Yayınlanan: 2022-08-17Görünüşe göre her geçen gün, kaç danışmanın seçtikleri sektörde gerçekten kaldığı hakkında yayınlanan yeni bir makale okuyorum.
İstatistik? Oldukça korkutucu bir durum:
- Mali müşavirlerin %90'ı, uygulamalarının ardından üç yıl içinde işten çıkar. Yani 10 üzerinden 9!

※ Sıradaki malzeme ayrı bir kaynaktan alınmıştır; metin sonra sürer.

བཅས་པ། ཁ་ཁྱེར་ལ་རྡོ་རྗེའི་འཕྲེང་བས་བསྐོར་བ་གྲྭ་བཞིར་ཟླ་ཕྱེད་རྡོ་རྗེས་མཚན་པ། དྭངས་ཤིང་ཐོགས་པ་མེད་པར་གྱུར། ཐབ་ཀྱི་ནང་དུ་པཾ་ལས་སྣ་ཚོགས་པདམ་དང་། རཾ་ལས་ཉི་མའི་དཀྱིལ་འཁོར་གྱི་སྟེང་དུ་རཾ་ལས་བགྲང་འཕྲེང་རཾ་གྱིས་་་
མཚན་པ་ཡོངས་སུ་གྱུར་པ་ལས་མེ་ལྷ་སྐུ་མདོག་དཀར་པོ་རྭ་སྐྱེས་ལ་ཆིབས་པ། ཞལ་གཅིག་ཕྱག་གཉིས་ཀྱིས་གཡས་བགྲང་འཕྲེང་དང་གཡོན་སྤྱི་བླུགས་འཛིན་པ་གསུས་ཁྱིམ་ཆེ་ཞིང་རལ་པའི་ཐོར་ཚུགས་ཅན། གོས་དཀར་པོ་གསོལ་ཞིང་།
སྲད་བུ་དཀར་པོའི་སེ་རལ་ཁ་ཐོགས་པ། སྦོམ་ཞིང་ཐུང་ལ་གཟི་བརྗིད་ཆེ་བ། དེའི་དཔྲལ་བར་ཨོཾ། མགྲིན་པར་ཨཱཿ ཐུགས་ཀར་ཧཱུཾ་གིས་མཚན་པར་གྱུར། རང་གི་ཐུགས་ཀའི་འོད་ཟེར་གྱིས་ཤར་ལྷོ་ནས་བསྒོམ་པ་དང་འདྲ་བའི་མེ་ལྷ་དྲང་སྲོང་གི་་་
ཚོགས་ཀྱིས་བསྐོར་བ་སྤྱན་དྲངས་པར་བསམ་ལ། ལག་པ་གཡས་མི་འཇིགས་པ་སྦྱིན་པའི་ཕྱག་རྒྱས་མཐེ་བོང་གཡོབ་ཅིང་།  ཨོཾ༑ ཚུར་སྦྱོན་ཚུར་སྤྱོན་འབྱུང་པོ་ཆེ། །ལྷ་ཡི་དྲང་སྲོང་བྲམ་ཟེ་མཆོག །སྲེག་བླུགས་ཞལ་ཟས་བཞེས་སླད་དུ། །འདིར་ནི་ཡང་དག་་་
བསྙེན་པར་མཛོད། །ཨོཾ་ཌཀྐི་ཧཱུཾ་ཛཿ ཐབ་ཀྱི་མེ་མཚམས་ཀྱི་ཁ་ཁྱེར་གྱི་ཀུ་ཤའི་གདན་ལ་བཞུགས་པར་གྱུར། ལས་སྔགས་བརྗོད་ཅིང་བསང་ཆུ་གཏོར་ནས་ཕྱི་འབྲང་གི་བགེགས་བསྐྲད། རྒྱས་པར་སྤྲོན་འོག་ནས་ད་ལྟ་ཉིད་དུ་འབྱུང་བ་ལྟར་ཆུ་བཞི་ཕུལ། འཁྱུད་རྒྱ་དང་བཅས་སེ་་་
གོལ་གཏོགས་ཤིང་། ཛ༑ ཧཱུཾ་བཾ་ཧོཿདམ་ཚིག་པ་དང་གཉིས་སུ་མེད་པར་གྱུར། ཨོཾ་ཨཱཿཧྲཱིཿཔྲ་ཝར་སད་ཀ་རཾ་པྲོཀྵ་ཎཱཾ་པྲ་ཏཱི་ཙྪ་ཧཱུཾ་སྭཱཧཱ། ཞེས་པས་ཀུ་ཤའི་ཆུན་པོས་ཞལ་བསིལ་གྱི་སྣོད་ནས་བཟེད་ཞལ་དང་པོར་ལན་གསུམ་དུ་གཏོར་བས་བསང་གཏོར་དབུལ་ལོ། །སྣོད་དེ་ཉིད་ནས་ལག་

- Yeni üreticilerin %70 ila %80'e kadarı başarısız olacaktır - çok yüksek bir başarısızlık oranı.
Hikayenin ana noktası:
Rakamlar yalan söylemez. Mali müşavirlerin birçok başarısı olmasına rağmen, çoğu uzun sürmez. Çoğu finansal danışman, daha başlamadan bir finansal planlama uygulaması oluşturma hayallerinden vazgeçer.
Ama neden?
Bu eğilimin ana itici güçleri şunları içerir:
Yeterli Olasılık/Müşteri Toplayamama
Danışmanların neden ayrıldığına bakarsanız, listede yeterince potansiyel müşteri/müşteri bulmamak yüksek. Bunun birçok nedeni vardır, ancak en önemlilerinden biri, çoğu danışmanın potansiyel müşteri oluşturmak veya anlaşmaları kapatmak için bir sistemine sahip olmamasıdır.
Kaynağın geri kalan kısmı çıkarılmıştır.